Gerçek rakip Has Parti mi?

  • 14.07.2012 00:00

 Dünya değişiyor. Çok klişe bir laf ama dünya gerçekten değişiyor. Geçenlerde gözüme takıldı, Amerika’da yapılan araştırmalarda özellikle teknolojik ürünlerde “marka bağımlılığı” azalıyor diye. Büyük uluslararası dev şirketlerin yaptıkları onca reklam harcamasına rağmen tüketicilerin teknolojik ürünlerde reklamlara değil de kendi taleplerine göre davranıyor oluşları bana ilginç geldi.

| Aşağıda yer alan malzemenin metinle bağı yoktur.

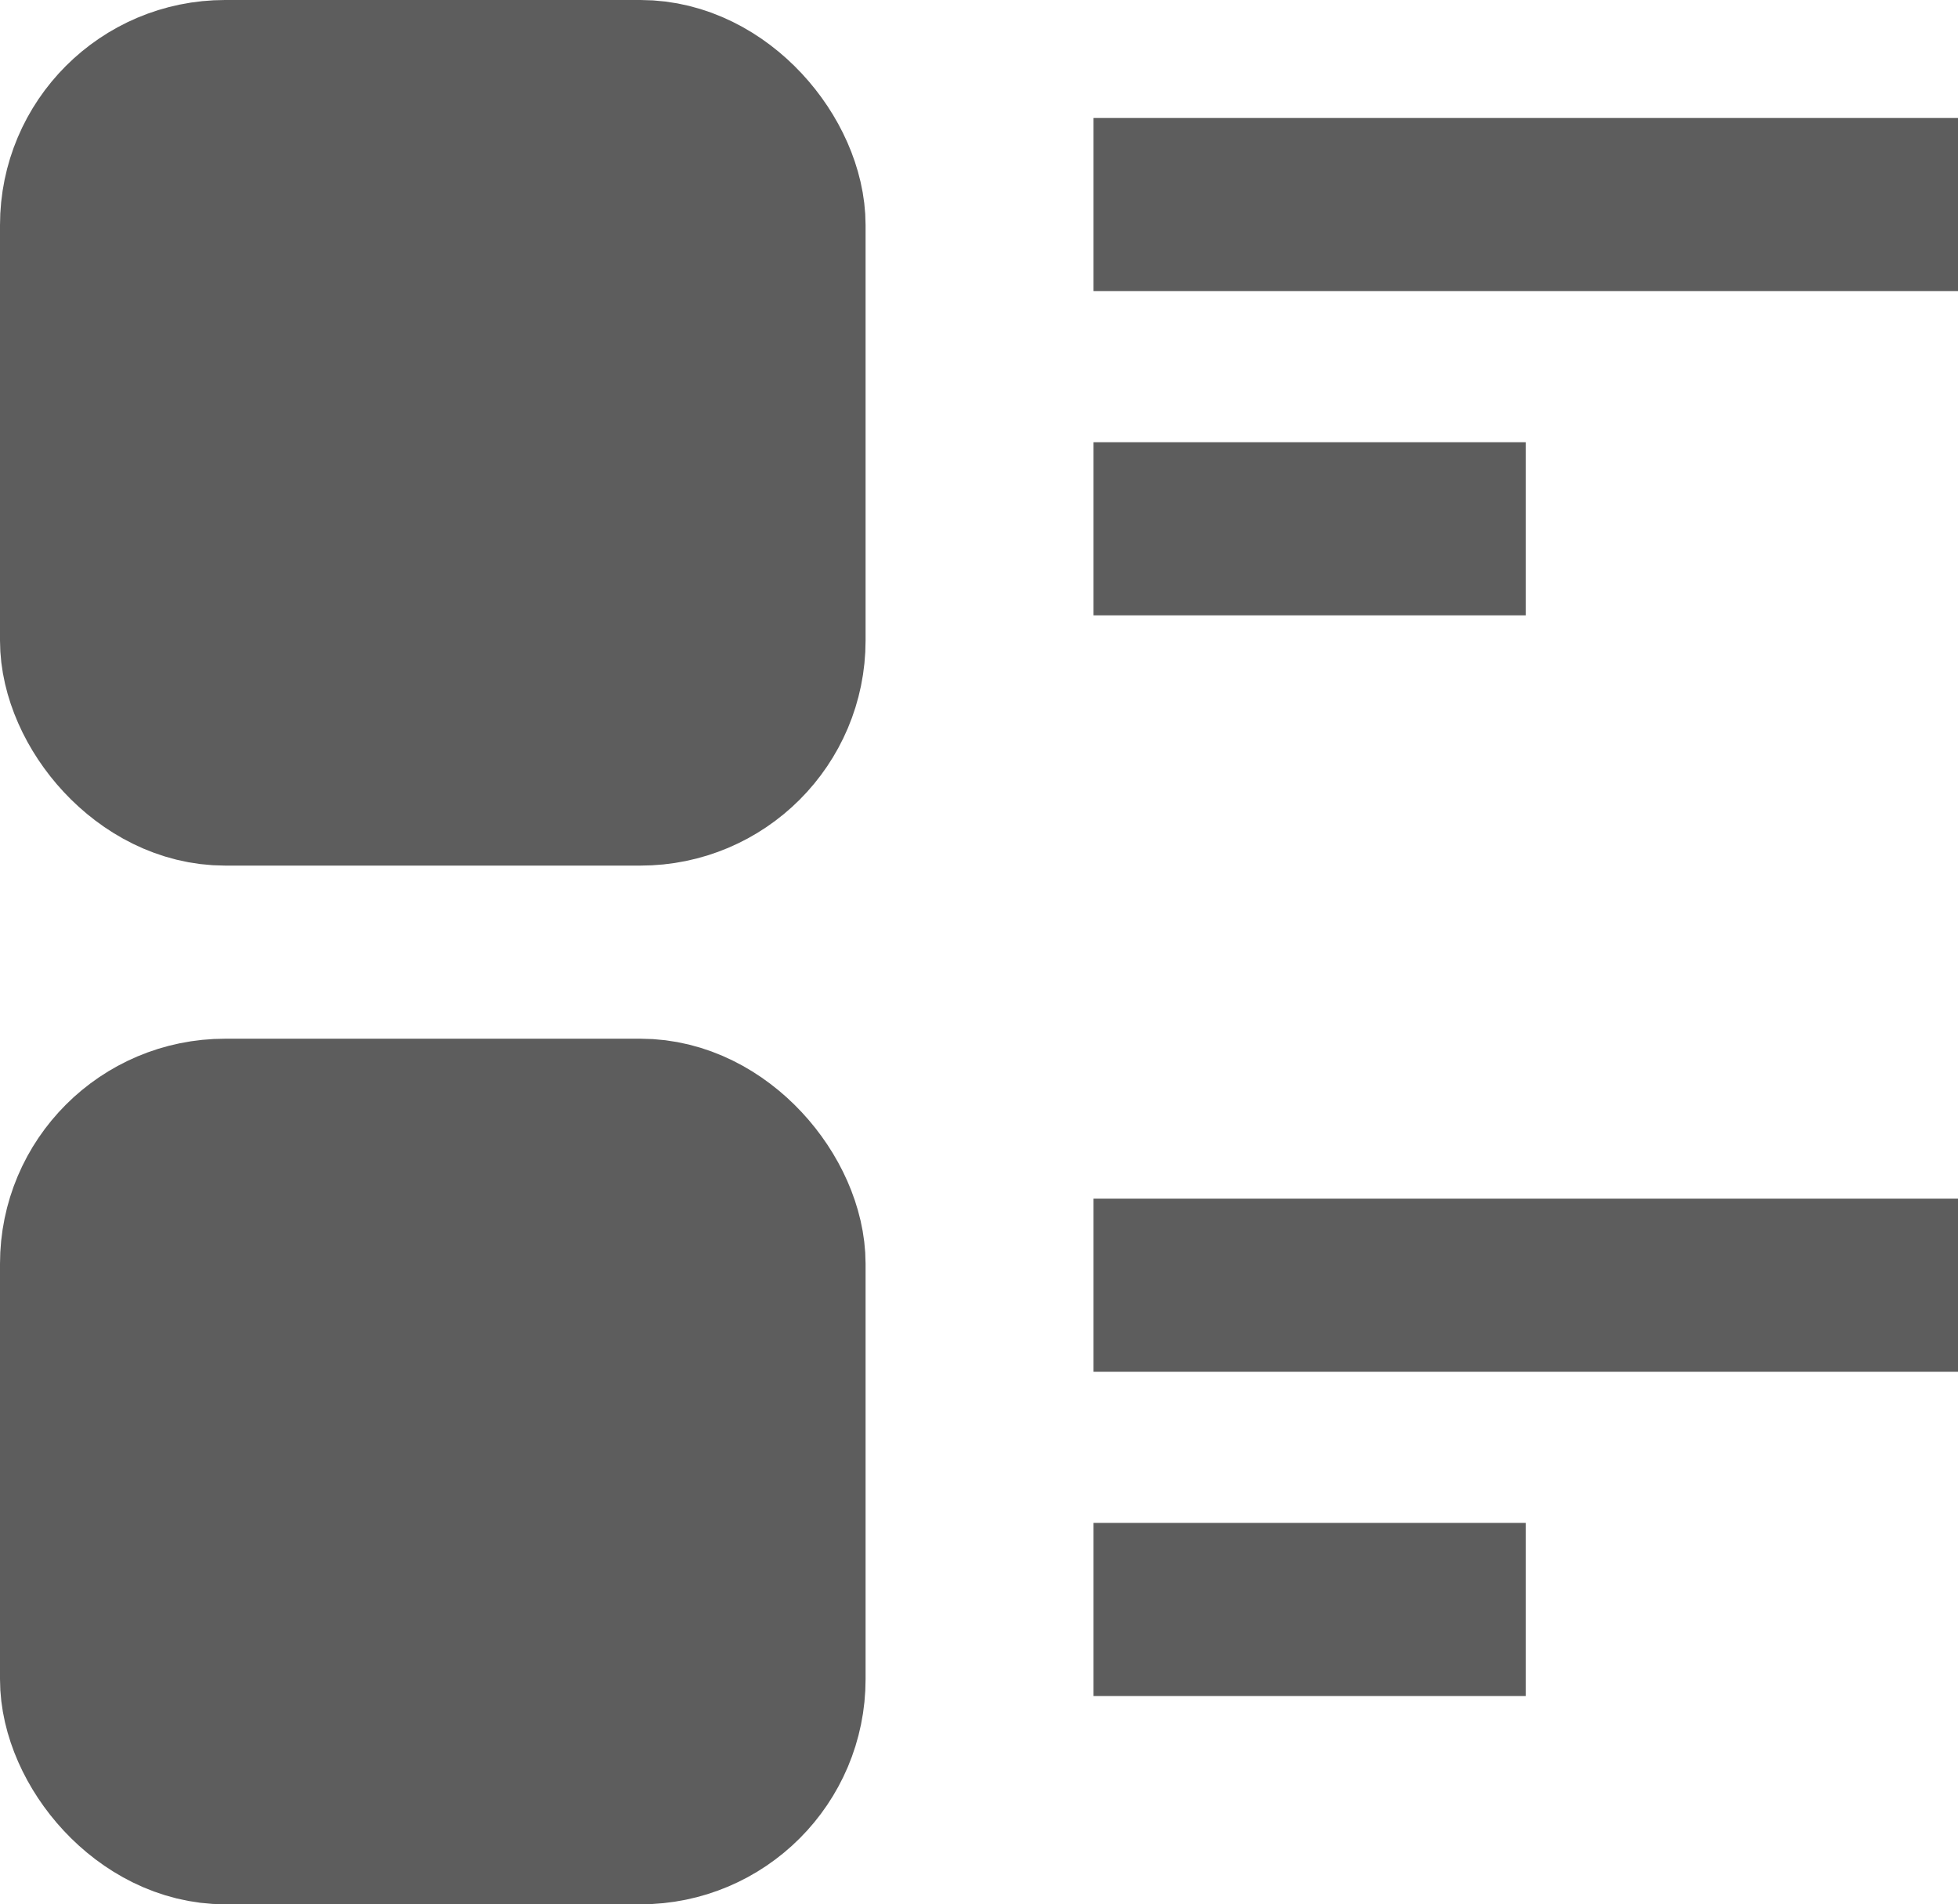 <svg xmlns="http://www.w3.org/2000/svg" width="28.276" height="27.5" viewBox="0 0 28.276 27.5">
  <g id="view" transform="translate(1.675 1.393)">
    <rect id="Rectangle_1157" data-name="Rectangle 1157" width="10" height="10" rx="2" transform="translate(-0.425 -0.143)" fill="#5d5d5d" stroke="#5d5d5d" stroke-width="2.5"/>
    <rect id="Rectangle_1158" data-name="Rectangle 1158" width="10" height="10" rx="2" transform="translate(-0.425 14.857)" fill="#5d5d5d" stroke="#5d5d5d" stroke-width="2.5"/>
    <path id="Path_292" data-name="Path 292" d="M13,5H25.485M13,20.606H25.485M13,9.682h6.242M13,25.288h6.242" transform="translate(1.117 -3.439)" fill="#5d5d5d" stroke="#5d5d5d" stroke-width="2.5"/>
  </g>
</svg>

Günümüz tüketicilerinin, “aptal tüketicilikten” sıyrılıp kendilerine uygun olanı araştırıp da ona göre karar vermeleri kapitalist düzenin büyük aktörlerinin kurdukları oyunu onların istedikleri gibi oynamak istemediklerinin bir işareti değil mi?

Aslında bu davranışın değişik versiyonları başka konularda da var. Örneğin siyasette de bu anlamda yeni çizgiler belirmeye başladı. Bir zamanların “yeşilleri” gibi şimdi de “korsanları” türüyeverdi. İnternetin açtığı yeni dünyanın yeni güçlüleri karşısında sıradan insanların duyarlılıklarını yansıtan, sansür, telif hakları gibi konular üzerinden siyaset yapan insanlar ortaya çıkmaya başladı. “Açık yazılım” hareketi gibi yazılım dünyasının devlerinin eğemenliğinden sıyrılmaya çalışan yurttaş girişimleri ise giderek büyümekte.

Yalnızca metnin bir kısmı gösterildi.